The second part involved a cross-sectional study conducted at the Dermatology out-patient department (OPD) of the College of Medicine and Sagore Dutta Hospital in Kolkata, India across three months (June to August 2021). All participants were adult (age > 18 years) chronic urticaria patients and were recruited after obtaining written informed consent. Acute urticaria (<6 weeks), urticarial vasculitis, angioedema as a solitary symptom, other skin diseases, psychiatric disorders, and any chronic disease with the potential to interfere with the quality of life formed our exclusion criteria. All patients were provided with the self-reportable CU-Q2oL, Dermatology Life Quality Index and Urticaria Control test questionnaires and asked to fill them by themselves, or via an interview with a professional psychologist (illiterate, old-age and/or visually impaired patients) [Day 0]. We obtained the scores along with the socio-demographic and disease parameters. Relevant laboratory investigations were performed when necessary. We advised the patients to return after 2-weeks to complete the CU-Q2oL questionnaire again (re-test) [Day 14]. The study was approved by the Institutional Review Board and conducted as per the WMA Declaration of Helsinki (updated in 2013).

We recruited 56 eligible chronic urticaria patients on day 0, while 42 patients participated in the re-test session on day 14. Thus, the final sample size of our study translated to 42 subjects.
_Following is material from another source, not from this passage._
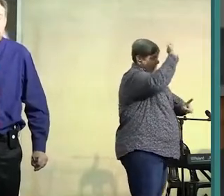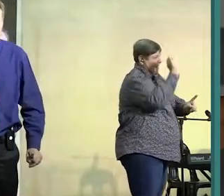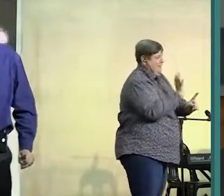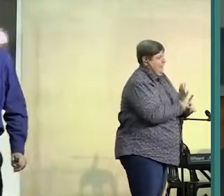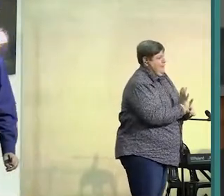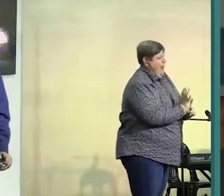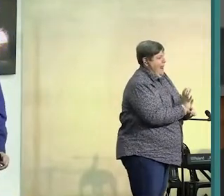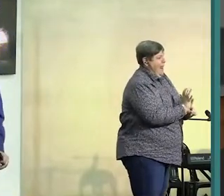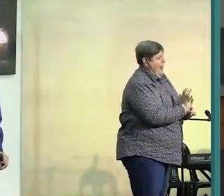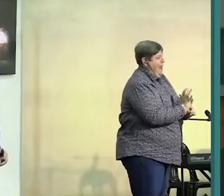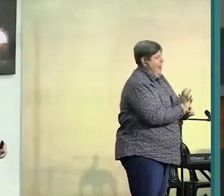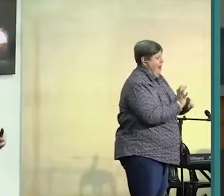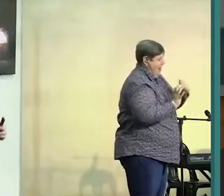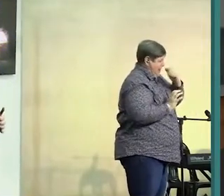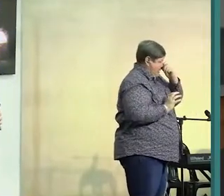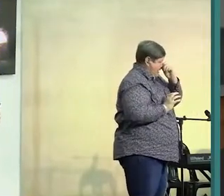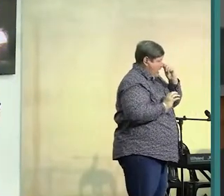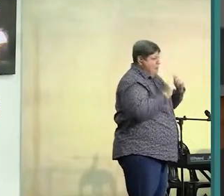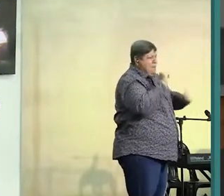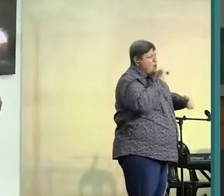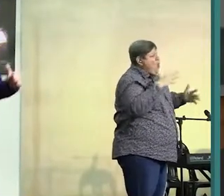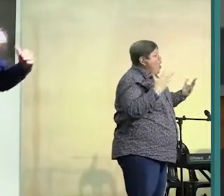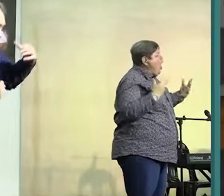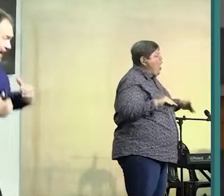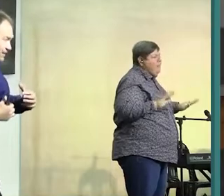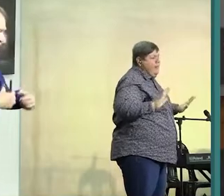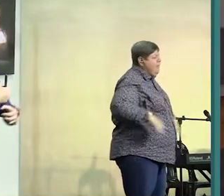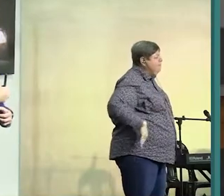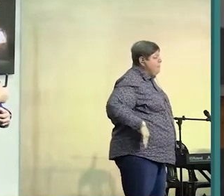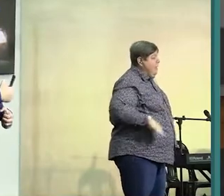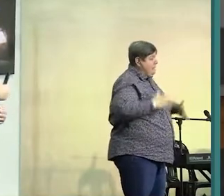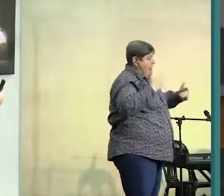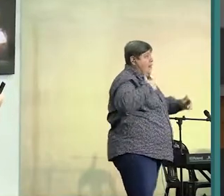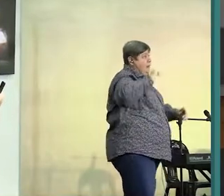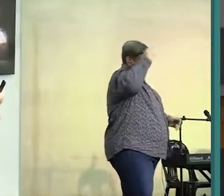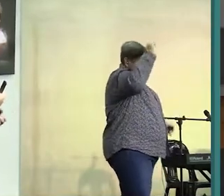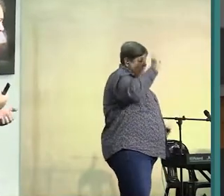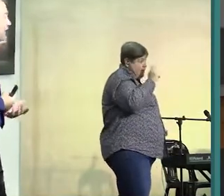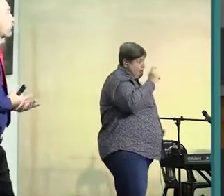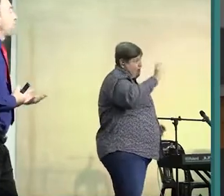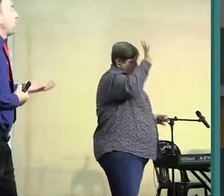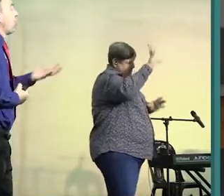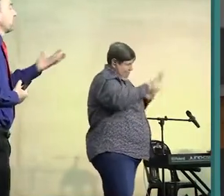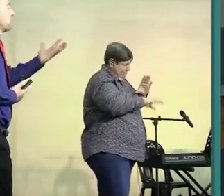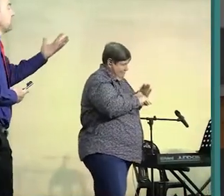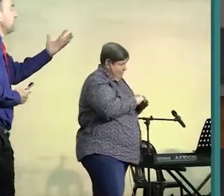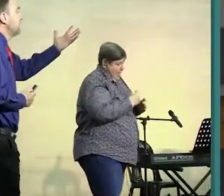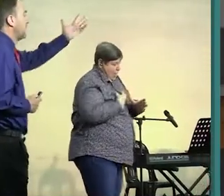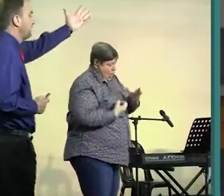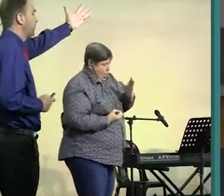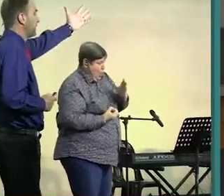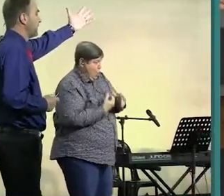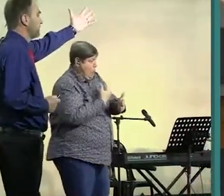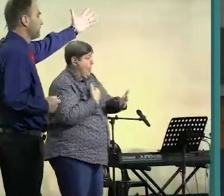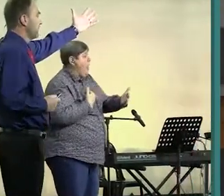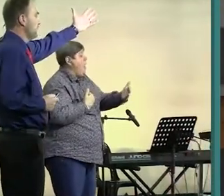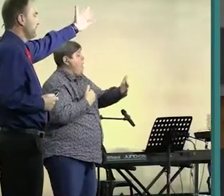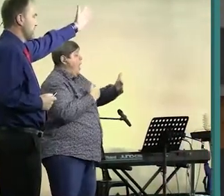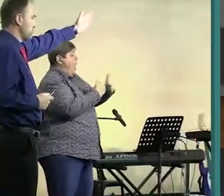enigste manier hoe dit kan gebeur is, is wanneer ek die woord van die Heere in my hart beren en ek groei nader aan die Vader. Want dit is ook

Description of the CU-Q2oL, Dermatology Life Quality Index and Urticaria Control test questionnaires

The original Chronic Urticaria Quality of Life (CU-Q2oL) Questionnaire contains 10 statements and 13 questions with a total of 23 items in the Italian language. The items are categorised into six domains: pruritus (2 items), swelling (2 items), impact on life activities (6 items), sleep problems (5 items), limitations (3 items) and appearance (5 items). Each item is scored on a 5-point Likert scale (0-4) to indicate its intensities over the last 2 weeks. The total summed score is calculated and linearly transformed to a 0-100 score, with the maximum score of 100 indicating the worst HRQoL.5 Currently it is the only validated scale to measure specific quality of life in chronic urticaria (both inducible and spontaneous).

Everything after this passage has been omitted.